Photographing Machu Picchu in April 2011, on the 100th anniversary of the rediscovery of the Inca citadel by Hiram Bingham, required establishing a point of view and a common thread within the framework of its symbolism in contemporary Peru.

Consequently, Peru’s historic timeline was revised, focusing on the most relevant historical processes from the Inca Empire to the Republic, then correlated to Machu Picchu in today’s society. Some concepts emerged from this juxtaposition: miscommunication, icon, fragmentations, pride, and identity.
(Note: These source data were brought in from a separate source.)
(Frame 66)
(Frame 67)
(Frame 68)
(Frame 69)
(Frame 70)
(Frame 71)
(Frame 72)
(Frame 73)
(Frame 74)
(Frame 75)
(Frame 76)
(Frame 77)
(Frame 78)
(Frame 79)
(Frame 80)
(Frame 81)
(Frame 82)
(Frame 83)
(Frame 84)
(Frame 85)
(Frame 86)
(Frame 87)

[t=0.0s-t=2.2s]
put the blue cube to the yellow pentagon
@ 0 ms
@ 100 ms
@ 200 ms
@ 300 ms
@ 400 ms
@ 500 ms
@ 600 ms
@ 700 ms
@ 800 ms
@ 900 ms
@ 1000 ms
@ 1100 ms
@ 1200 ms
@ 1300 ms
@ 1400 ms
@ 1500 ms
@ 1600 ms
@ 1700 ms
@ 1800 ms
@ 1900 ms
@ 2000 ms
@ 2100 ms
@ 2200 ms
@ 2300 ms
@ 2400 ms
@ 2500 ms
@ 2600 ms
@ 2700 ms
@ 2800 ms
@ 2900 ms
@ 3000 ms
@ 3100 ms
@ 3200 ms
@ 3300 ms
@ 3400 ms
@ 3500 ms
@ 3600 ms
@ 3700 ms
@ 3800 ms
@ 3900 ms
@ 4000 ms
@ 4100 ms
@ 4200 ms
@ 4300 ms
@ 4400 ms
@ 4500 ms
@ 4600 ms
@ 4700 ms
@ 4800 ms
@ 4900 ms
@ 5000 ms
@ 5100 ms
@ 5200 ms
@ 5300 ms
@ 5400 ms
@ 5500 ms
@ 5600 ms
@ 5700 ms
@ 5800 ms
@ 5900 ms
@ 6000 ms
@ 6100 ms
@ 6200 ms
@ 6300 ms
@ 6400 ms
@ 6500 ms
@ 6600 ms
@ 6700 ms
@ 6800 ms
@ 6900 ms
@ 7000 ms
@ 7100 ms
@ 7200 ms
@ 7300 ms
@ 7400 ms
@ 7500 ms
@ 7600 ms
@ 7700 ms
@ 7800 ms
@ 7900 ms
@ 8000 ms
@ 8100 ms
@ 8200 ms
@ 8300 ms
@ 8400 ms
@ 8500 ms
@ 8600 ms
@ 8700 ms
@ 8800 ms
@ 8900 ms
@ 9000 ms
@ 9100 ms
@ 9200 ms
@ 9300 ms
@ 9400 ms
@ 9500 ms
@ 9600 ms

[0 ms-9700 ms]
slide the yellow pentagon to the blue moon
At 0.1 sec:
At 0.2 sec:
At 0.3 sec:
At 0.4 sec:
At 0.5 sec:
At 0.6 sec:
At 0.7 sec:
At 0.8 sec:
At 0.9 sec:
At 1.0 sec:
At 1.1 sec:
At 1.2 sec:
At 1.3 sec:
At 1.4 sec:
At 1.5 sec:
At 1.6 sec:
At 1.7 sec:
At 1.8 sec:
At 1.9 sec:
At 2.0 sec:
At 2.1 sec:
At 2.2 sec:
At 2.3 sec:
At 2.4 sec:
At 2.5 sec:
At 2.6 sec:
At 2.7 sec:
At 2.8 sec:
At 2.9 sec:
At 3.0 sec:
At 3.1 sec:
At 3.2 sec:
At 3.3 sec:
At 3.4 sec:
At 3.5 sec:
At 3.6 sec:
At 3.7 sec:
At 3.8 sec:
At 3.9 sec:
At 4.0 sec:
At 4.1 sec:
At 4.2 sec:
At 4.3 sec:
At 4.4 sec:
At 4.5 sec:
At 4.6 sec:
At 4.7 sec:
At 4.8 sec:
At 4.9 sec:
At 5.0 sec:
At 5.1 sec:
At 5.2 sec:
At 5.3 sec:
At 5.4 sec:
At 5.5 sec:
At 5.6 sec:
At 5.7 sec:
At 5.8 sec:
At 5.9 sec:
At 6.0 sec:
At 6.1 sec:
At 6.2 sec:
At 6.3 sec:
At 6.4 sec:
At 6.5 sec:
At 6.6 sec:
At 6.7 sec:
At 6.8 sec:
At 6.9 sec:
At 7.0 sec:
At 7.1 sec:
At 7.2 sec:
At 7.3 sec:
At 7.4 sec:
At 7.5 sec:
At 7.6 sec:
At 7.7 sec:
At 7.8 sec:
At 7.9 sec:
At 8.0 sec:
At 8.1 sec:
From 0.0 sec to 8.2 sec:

Finding a photographic sense, a way of portraying Machu Picchu, in accordance with the questions that these ideas raised, became an imperative throughout the fieldwork. Through photography, walls, rock and its joints create diverse and contradictory meanings: together they represent the quintessence of Inca architecture and national pride, while, at the same time, they reflect Peruvian society’s fragmentation.

Decontextualizing the walls in each photographic frame, seeking harmony or grouping individual photos in triptychs to obtain new rhythms and balanced compositions, manifests itself as a dichotomy: on one hand, the need to represent the icon and pride of Peruvian identity and, on the other hand, the trend toward escape, elusiveness or the lack of communication that represents us and all that we do not want to see.

Machu Picchu today is inalienable. It is, undoubtedly, a vital presence: it begins as part of a civilizatory human experience and it does not go away. It is a national symbol for Peruvians, a symbol of transversal sacredness for all, it simultaneously separates us and unites us within its joints.